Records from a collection
§ §

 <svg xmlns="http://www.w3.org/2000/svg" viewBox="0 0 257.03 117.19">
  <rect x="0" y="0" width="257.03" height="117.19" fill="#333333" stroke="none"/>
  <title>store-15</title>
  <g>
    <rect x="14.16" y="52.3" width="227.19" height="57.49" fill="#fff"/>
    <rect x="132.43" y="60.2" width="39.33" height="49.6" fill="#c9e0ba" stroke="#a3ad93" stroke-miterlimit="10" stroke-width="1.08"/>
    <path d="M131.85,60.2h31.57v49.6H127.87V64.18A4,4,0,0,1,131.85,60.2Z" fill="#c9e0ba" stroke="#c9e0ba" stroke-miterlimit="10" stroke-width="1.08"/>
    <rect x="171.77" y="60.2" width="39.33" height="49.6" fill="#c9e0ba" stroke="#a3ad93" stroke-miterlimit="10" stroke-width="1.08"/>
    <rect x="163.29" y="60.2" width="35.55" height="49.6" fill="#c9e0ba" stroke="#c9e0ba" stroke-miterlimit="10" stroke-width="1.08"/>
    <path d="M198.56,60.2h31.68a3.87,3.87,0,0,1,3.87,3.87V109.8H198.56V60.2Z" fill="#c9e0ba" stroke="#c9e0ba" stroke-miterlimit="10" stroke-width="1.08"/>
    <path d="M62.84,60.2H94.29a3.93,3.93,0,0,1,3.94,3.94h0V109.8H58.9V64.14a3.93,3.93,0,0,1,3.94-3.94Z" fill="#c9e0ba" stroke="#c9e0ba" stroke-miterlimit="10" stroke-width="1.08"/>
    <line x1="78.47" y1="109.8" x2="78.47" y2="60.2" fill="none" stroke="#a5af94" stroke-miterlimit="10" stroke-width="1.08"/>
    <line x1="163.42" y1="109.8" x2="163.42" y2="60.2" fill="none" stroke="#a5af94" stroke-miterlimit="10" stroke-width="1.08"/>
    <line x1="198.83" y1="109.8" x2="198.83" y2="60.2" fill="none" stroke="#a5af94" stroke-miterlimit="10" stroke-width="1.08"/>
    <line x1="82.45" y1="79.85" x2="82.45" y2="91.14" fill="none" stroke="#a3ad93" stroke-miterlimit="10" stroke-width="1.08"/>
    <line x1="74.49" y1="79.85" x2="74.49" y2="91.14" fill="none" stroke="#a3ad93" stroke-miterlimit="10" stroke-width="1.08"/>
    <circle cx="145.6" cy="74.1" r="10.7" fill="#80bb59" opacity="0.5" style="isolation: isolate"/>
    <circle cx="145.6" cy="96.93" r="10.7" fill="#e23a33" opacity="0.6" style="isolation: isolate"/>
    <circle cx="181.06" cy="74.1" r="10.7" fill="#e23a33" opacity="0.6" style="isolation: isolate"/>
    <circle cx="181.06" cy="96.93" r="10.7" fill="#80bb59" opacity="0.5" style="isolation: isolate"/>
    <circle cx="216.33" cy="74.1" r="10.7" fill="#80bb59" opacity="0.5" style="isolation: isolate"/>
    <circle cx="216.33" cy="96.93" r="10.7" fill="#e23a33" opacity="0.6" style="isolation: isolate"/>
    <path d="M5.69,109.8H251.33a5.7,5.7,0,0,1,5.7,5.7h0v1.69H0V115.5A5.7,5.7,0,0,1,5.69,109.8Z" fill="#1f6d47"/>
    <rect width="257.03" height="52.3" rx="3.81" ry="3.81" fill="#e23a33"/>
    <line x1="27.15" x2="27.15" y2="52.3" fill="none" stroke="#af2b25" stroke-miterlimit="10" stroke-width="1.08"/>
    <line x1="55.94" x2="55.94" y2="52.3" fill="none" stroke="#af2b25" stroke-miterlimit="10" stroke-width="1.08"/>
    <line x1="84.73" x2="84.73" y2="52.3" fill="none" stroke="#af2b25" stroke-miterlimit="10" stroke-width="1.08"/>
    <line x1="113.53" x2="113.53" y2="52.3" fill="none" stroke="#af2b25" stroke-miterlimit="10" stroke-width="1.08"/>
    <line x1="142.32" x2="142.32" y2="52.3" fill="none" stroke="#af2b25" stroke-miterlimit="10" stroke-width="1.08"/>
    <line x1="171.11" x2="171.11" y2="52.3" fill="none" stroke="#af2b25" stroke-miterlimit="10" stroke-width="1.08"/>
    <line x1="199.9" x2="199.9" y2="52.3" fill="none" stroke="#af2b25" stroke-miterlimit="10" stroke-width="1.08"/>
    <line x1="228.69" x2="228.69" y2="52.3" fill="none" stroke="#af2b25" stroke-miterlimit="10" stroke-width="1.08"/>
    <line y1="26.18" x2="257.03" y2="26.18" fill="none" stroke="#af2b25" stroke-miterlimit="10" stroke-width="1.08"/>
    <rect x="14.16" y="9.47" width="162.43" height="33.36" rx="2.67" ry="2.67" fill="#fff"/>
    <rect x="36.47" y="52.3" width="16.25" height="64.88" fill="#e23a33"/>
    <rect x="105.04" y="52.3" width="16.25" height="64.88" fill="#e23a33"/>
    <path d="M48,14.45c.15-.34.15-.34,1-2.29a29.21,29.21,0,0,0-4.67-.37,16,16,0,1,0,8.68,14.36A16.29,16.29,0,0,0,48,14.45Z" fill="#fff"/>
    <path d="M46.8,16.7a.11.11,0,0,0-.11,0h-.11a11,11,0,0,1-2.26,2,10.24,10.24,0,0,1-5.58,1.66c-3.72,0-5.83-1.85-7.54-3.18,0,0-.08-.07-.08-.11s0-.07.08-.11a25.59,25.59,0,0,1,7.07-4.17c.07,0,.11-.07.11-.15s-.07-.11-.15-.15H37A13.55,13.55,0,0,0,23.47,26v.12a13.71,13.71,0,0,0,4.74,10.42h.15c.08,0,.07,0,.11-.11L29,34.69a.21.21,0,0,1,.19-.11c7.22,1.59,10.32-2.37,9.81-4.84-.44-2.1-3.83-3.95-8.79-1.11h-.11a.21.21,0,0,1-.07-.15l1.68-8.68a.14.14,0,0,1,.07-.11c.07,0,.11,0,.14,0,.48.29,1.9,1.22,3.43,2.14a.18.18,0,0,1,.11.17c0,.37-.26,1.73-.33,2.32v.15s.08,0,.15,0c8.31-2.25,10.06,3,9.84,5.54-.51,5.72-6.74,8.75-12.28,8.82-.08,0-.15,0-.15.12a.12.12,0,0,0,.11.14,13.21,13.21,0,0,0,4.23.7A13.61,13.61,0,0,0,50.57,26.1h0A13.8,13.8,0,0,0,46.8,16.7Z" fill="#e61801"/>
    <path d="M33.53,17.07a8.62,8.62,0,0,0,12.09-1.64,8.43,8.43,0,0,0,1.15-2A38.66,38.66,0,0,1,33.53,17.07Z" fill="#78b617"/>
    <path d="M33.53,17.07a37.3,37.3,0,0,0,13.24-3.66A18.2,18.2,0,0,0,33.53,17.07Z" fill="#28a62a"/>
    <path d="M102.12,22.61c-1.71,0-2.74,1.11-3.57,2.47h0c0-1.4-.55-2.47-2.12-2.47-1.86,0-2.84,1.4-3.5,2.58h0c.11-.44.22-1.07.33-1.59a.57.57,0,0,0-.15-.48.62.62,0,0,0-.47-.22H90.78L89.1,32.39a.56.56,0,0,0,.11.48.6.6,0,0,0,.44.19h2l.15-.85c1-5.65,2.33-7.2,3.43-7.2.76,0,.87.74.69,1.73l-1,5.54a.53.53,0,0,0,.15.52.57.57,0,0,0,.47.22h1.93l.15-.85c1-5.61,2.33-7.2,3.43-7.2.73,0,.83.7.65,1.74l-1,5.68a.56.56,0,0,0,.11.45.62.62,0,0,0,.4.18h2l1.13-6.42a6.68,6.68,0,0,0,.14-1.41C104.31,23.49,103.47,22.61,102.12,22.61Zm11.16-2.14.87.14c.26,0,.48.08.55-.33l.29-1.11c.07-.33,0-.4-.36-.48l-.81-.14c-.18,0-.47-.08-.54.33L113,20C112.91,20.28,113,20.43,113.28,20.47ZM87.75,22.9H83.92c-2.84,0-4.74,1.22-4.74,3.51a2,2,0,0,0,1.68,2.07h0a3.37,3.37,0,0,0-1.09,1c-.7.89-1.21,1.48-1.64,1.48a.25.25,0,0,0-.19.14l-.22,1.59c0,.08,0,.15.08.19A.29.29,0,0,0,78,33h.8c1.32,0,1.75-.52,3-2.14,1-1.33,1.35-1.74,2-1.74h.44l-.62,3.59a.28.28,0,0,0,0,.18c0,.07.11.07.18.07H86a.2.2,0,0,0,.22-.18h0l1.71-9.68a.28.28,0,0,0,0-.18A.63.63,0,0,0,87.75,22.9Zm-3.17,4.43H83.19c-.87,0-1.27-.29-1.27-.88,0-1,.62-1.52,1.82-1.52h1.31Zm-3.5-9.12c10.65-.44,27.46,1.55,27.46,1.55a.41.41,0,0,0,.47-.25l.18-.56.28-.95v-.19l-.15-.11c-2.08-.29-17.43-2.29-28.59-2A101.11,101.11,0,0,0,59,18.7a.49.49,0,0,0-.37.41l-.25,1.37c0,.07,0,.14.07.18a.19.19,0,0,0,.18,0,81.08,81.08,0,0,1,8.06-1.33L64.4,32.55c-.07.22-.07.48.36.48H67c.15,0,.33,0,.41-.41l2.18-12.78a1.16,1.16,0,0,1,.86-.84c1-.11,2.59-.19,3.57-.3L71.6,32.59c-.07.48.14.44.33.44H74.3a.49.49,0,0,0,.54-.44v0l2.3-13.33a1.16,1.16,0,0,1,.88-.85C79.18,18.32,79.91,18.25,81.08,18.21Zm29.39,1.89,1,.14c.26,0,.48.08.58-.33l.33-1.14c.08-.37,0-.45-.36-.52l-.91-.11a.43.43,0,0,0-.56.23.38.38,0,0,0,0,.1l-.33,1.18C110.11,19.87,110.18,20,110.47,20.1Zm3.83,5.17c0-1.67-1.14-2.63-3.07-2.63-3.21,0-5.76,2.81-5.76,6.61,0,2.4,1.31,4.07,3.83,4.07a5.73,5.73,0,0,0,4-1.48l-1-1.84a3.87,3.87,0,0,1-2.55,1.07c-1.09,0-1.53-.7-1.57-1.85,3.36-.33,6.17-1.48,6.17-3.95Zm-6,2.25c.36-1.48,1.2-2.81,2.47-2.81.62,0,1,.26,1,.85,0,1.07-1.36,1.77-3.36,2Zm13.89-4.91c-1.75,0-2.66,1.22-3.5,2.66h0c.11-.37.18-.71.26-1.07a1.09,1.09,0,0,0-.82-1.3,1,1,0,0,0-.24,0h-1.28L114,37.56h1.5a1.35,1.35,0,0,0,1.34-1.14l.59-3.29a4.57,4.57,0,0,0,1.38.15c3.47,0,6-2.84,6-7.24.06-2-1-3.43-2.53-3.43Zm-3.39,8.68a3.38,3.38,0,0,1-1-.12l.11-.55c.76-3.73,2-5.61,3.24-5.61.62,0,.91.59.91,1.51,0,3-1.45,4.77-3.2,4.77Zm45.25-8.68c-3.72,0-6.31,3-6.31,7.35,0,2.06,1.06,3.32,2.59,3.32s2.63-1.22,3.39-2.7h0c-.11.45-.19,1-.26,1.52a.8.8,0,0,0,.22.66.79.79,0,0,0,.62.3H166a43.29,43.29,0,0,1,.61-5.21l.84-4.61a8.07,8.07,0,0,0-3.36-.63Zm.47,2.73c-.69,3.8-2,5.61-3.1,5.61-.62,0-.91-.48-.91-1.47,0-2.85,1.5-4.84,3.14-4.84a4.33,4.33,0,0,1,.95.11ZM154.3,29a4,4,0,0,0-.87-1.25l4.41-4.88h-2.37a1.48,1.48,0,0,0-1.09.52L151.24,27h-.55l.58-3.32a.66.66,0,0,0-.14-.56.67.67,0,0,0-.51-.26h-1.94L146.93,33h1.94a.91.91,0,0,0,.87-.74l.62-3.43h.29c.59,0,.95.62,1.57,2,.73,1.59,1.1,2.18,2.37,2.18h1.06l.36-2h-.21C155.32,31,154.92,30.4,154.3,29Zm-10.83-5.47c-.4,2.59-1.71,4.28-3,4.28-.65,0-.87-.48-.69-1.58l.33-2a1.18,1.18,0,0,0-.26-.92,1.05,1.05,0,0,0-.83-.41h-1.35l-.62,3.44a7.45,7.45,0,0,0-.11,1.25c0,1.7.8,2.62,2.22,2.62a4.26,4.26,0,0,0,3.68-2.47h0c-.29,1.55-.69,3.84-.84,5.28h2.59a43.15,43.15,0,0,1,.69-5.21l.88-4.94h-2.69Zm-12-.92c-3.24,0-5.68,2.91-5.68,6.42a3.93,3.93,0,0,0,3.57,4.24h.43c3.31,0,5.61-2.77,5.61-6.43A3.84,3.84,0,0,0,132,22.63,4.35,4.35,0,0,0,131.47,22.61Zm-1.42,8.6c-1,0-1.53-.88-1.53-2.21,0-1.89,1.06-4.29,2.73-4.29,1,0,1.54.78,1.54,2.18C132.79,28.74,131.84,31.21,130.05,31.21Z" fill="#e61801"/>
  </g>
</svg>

§ §

**DESCRIPTION OF THE TASK**
From the entries above, copy every line that holds the word "height".

**SOLUTION TO THIS TASK**
  <rect x="0" y="0" width="257.03" height="117.19" fill="#333333" stroke="none"/>
    <rect x="14.16" y="52.3" width="227.19" height="57.49" fill="#fff"/>
    <rect x="132.43" y="60.2" width="39.33" height="49.6" fill="#c9e0ba" stroke="#a3ad93" stroke-miterlimit="10" stroke-width="1.08"/>
    <rect x="171.77" y="60.2" width="39.33" height="49.6" fill="#c9e0ba" stroke="#a3ad93" stroke-miterlimit="10" stroke-width="1.08"/>
    <rect x="163.29" y="60.2" width="35.55" height="49.6" fill="#c9e0ba" stroke="#c9e0ba" stroke-miterlimit="10" stroke-width="1.08"/>
    <rect width="257.03" height="52.3" rx="3.81" ry="3.81" fill="#e23a33"/>
    <rect x="14.16" y="9.47" width="162.43" height="33.36" rx="2.67" ry="2.67" fill="#fff"/>
    <rect x="36.47" y="52.3" width="16.25" height="64.88" fill="#e23a33"/>
    <rect x="105.04" y="52.3" width="16.25" height="64.88" fill="#e23a33"/>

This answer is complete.